The Charter of Unity recently signed in his capital by African heads of state demonstrates, said Emperor Haile Selassie, the will of their peoples, inspired by America’s example past and present, to prepare for themselves a future of unity and brotherhood.

He concluded with a toast to the President and to the two peoples, who are, he said, distant in geography but proximate in friendship and in spirit.

No sooner had Emperor Selassie returned to Ethiopia than he received the horrifying news that President Kennedy had been assassinated. Once again he “traveled across so many thousands of miles” to the United States, to be one of 220 representatives from 100 nations to attend his funeral.

The following passages describe Emperor Selassie’s relationship with President Kennedy’s wife Jacqueline and children, Caroline and John, six and three years-old respectively:

The Death of a President
by William Manchester

pages 583-584:

“…Overhead, St. Matthew’s choir sang the Gregorian “Subvenite” while the ushers struggled to seat the marchers quickly…. The snag was over the dignitaries. This was Angie Duke’s worry, and it was a stupendous one. The slight, sensitive chief of protocol had been working without rest for three days and three nights. Ahead of him, after the funeral, lay two crucial receptions – Mrs. Kennedy’s, in the executive mansion, and President Johnson’s, at State. Nevertheless it was his hour in church that was to be his hour of trial. First he found that the pews he had earmarked last night had been confiscated by Jack McNally for President Kenney’s staff. He was obliged to lead his chiefs of staff off to the right, to St Josephs Chapel – from which, he discovered in horror, the main altar was invisible.

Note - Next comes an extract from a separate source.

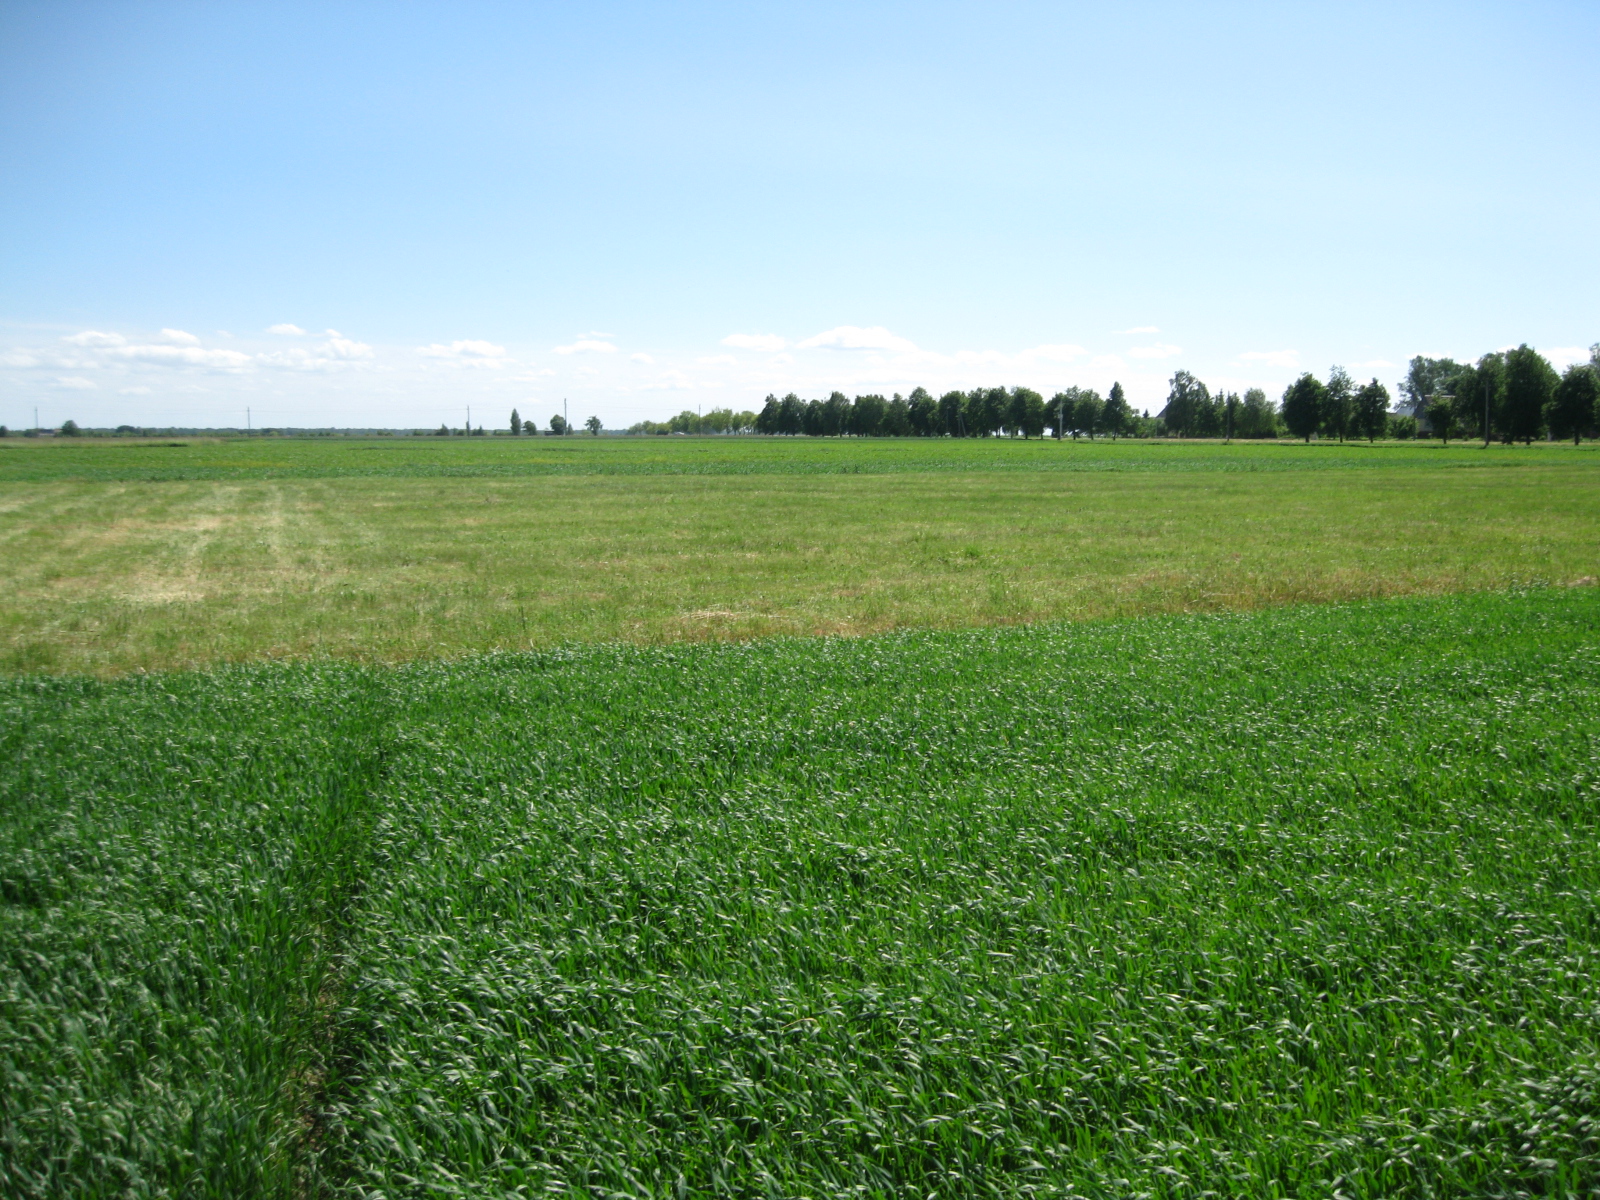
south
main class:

Angie improvised. He seized a church functionary and demanded a television set. There was one in the cathedral, he was told, but using it in church during Mass was unthinkable. It had to be thinkable, said Angie, arguing furiously; diplomatic relations with ninety one countries were at stake. The set appeared and was plugged in. It would be the only one in the cathedral, he told his charges, and they looked immensely pleased. Their pleasure diminished, however, when he started seating them. It was then he realized that in failing to allow for overcoats he had miscalculated badly. He had forgotten something else; the Emperor of Ethiopia, the King of the Belgians, and the husband of the Queen of England were all carrying bulky swords, more space-takers. Putting four bodies in a pew instead of five made a difference of twenty people – twenty world leaders who would have to stand. It wouldn’t do. He would have to start cramming. Like a conductor on a crowded bus he kept urging them to move over. They complied, grunting. Some situations were especially awkward….”They were jammed in like sardines,” Angie said of the foreigners later. “I stood throughout the Mass and suffered. Somehow we had got them all seated, but I hate to think how it was done.”

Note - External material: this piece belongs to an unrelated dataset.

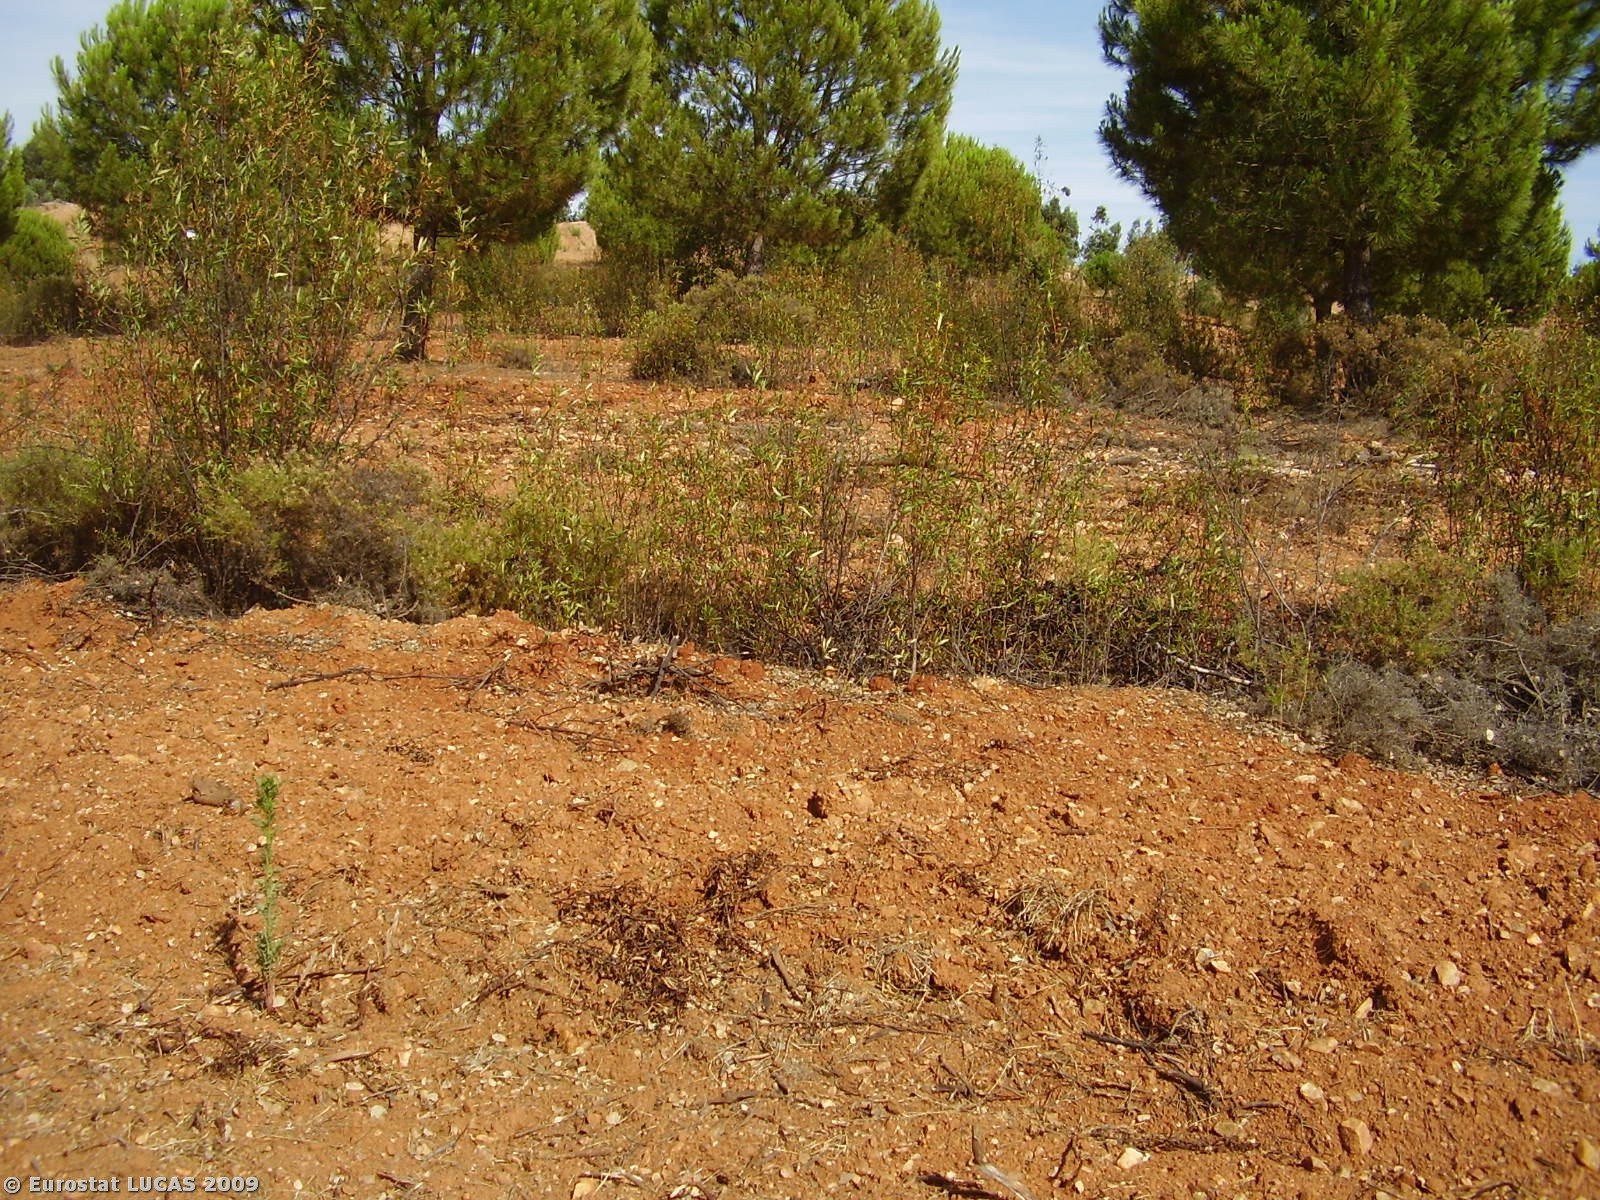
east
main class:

From the front pew in the main well of the church young John saw Haile Selassie. The Lion of Judah, who looked like a midget next to Larry O’Brien, but was a giant to John. Last summer he had come to the mansion bearing gifts : a leopard-skin coat for Mrs. Kennedy (which she, as a token of respect, had worn at the time despite the sweltering heat) and two toys carved of ivory, a doll for Caroline and a warrior for John. Since then the children hadn’t stopped talking about Haile Selassie, and John pointed toward the side chapel and gazed across at him admiringly. Then the formalities became boring to the boy. He fidgeted. St. Matthew’s bronze doors had clanged shut behind the last four persons to enter–Judge Sarah Hughes, Bunny Mellon, Martin Luther King, and Mary Ryan from Ireland. Luigi Vena was singing Leybach’s “Pie Jesu” as the crucifer slowly returned the cross to the altar, accompanied by two other acolytes carrying candles. The Cardinal followed them, chanting in Latin. Behind him the casket team, moving stiffly like drugged automatons, wheeled the coffin into position in front of the first pew, a few feet from the widow….

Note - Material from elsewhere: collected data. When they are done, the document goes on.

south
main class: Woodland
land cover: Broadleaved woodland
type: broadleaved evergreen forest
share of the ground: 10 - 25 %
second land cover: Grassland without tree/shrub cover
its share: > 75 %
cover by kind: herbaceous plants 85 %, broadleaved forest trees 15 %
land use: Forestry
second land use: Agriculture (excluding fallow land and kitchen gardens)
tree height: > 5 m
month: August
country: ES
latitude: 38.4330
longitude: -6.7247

None of this had any meaning for the President’s little son. From across the aisle Nina Warren and Joanie Douglas, in the Supreme Court section, heard him say “Where’s my Daddy?!” The boy lifted his arms. “Somebody pick me up.” Agent Foster, lurking near, carried him to the back of the church….


page 606:

…Indeed, everything was over – the burial service, the state funeral, the strangely congruous blend of Old World mysticism and American tradition, the parade of uniforms and vestments, of judges and secret agents, of princes and prelates and anonymous, nondescript citizens who had surged across the bridge in the wake of the marching columns because they couldn’t bear to be left behind….

Cradling the flag under her left arm…she walked down the hill holding Bob Kennedy’s hand….In the car Mrs. Kennedy and the two brothers talked of the funeral – of how splendid it had been – and as the procession of returning cars came off the Washington side of the bridge and turned left, Robert Kennedy ordered the chauffeur of their car to leave the line and circle the Lincoln memorial from the right. That way he could see the statue. He told the driver to draw over in front of it, and they did, as thousands of tourists do each day. From the back seat President Kennedy’s widow and the two heirs of his political legacy inclined their heads leftward to look up between the columns at Daniel Chester French’s nineteen foot figure  of the sad, strong, brooding President Lincoln, the marble chin tilted in thought. After a while Bob tapped the chauffeur. They drove on without having spoken…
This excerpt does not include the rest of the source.